> ACTIVITY:
The expected result is the run of lines from the one containing "file: W. 11480, for" to the end of the listing, copied exactly.

> RECORDS PROVIDED:
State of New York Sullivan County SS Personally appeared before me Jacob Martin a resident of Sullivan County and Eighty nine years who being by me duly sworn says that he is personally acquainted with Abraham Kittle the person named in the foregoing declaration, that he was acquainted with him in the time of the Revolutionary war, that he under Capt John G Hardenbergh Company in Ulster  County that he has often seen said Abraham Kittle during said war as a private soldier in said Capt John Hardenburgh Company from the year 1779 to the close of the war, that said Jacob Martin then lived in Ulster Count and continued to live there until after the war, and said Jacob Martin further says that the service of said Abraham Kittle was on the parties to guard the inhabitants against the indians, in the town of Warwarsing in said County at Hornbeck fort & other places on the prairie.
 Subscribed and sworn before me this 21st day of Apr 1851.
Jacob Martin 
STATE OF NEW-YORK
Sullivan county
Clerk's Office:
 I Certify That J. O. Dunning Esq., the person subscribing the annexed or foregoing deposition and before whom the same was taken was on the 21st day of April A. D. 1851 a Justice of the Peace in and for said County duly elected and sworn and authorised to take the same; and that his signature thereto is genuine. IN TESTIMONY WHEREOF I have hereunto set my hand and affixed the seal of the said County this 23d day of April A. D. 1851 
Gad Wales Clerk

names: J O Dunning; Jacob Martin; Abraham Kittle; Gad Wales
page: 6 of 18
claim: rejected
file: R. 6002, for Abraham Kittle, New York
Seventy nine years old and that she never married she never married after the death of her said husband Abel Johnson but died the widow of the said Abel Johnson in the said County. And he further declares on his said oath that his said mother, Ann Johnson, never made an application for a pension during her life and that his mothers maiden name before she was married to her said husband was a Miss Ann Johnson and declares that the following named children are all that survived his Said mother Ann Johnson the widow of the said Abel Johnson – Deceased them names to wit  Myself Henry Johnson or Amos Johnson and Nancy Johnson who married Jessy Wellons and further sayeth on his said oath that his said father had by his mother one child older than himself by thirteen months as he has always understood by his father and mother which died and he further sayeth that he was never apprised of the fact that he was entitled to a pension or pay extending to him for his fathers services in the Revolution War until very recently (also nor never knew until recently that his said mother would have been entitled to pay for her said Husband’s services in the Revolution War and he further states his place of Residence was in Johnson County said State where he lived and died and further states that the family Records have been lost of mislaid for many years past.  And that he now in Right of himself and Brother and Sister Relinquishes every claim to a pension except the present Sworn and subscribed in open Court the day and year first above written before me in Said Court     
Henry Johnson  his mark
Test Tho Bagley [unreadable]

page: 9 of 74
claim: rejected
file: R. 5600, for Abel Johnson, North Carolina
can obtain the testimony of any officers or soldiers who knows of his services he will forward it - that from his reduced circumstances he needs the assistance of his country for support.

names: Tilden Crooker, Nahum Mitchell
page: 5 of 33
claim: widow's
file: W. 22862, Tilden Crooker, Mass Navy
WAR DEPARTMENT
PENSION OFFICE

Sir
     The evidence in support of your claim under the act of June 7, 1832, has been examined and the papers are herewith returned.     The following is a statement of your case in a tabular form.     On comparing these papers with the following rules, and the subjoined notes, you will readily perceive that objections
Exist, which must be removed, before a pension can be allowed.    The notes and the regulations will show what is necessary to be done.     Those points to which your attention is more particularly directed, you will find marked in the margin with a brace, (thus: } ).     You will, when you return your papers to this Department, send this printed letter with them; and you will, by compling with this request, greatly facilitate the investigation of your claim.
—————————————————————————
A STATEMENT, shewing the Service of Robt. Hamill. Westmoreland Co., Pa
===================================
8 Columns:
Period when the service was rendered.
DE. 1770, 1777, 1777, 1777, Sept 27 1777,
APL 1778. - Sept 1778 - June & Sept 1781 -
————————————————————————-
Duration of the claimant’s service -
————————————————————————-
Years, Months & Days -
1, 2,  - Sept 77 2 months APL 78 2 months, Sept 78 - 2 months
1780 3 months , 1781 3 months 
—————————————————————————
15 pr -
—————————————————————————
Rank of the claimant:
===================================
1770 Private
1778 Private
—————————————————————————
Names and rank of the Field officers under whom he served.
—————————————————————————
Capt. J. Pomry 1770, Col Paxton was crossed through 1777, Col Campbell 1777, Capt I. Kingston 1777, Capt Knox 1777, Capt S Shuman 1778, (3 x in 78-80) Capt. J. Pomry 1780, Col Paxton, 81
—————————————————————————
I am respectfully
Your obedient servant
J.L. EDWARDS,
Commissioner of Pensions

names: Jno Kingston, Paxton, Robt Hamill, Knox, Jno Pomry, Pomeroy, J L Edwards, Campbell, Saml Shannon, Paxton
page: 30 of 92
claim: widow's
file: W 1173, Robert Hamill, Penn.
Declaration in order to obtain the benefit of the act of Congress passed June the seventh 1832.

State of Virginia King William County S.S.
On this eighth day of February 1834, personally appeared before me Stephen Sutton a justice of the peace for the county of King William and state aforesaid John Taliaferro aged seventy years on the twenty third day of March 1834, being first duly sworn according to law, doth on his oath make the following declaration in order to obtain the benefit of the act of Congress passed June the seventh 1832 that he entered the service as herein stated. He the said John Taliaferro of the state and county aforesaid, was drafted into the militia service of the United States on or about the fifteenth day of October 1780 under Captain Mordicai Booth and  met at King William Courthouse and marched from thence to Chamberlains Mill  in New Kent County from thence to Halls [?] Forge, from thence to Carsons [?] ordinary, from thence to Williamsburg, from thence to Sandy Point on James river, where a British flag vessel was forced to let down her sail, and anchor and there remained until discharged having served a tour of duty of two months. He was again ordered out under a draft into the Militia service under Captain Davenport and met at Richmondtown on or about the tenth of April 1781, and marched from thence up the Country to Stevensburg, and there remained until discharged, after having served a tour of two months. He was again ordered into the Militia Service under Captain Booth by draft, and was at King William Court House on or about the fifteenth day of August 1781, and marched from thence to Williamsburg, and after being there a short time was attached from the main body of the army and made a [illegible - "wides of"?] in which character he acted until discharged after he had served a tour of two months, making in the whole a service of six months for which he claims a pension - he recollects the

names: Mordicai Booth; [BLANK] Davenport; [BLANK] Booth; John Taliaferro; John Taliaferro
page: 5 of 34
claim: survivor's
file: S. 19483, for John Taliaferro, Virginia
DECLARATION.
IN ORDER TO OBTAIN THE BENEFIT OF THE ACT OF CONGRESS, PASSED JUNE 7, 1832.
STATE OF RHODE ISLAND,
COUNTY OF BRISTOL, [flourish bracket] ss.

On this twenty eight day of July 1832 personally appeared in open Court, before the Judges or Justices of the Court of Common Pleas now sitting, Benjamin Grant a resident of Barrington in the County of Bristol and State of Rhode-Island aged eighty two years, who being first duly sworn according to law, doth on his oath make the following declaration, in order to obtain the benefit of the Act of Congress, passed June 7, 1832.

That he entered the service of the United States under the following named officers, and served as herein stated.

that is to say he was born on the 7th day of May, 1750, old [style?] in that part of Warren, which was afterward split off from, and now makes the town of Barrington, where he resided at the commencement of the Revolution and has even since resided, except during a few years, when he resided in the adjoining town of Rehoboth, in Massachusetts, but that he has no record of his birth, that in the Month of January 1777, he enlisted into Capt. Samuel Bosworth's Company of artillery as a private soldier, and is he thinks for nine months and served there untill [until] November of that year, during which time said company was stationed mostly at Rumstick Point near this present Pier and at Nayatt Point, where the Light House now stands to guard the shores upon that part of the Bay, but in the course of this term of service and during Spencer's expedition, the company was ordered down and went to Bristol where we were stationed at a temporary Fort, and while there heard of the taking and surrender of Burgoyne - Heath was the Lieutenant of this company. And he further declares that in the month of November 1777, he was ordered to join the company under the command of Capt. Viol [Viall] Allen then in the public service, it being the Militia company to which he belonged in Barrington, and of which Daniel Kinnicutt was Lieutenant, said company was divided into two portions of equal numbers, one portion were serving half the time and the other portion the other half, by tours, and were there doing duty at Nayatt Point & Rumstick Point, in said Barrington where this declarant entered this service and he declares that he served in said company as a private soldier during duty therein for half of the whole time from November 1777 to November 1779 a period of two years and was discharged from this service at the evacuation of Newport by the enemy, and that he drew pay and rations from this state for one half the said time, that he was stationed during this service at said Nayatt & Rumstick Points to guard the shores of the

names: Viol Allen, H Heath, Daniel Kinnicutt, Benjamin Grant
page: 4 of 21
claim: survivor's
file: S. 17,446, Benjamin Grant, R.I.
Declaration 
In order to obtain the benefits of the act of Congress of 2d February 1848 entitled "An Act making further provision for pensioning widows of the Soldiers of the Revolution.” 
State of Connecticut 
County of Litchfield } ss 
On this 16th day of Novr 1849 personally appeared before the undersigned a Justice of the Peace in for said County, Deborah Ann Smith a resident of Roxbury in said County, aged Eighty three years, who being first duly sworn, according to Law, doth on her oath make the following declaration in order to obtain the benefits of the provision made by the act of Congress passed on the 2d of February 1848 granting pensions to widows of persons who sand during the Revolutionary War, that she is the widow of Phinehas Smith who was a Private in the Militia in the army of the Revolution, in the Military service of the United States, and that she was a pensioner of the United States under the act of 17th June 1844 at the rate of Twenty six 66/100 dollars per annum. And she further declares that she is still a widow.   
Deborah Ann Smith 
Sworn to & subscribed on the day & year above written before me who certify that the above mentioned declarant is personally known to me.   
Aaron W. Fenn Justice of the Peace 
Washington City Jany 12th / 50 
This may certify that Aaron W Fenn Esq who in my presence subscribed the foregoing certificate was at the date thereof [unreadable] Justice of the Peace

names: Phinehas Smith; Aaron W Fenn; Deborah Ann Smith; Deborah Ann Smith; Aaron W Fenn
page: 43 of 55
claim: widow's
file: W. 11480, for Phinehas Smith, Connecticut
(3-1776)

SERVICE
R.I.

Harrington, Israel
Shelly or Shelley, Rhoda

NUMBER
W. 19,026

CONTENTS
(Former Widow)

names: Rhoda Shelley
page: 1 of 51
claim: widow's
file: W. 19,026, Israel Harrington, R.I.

> ANSWER TO THE EXERCISE:
file: W. 11480, for Phinehas Smith, Connecticut
(3-1776)

SERVICE
R.I.

Harrington, Israel
Shelly or Shelley, Rhoda

NUMBER
W. 19,026

CONTENTS
(Former Widow)

names: Rhoda Shelley
page: 1 of 51
claim: widow's
file: W. 19,026, Israel Harrington, R.I.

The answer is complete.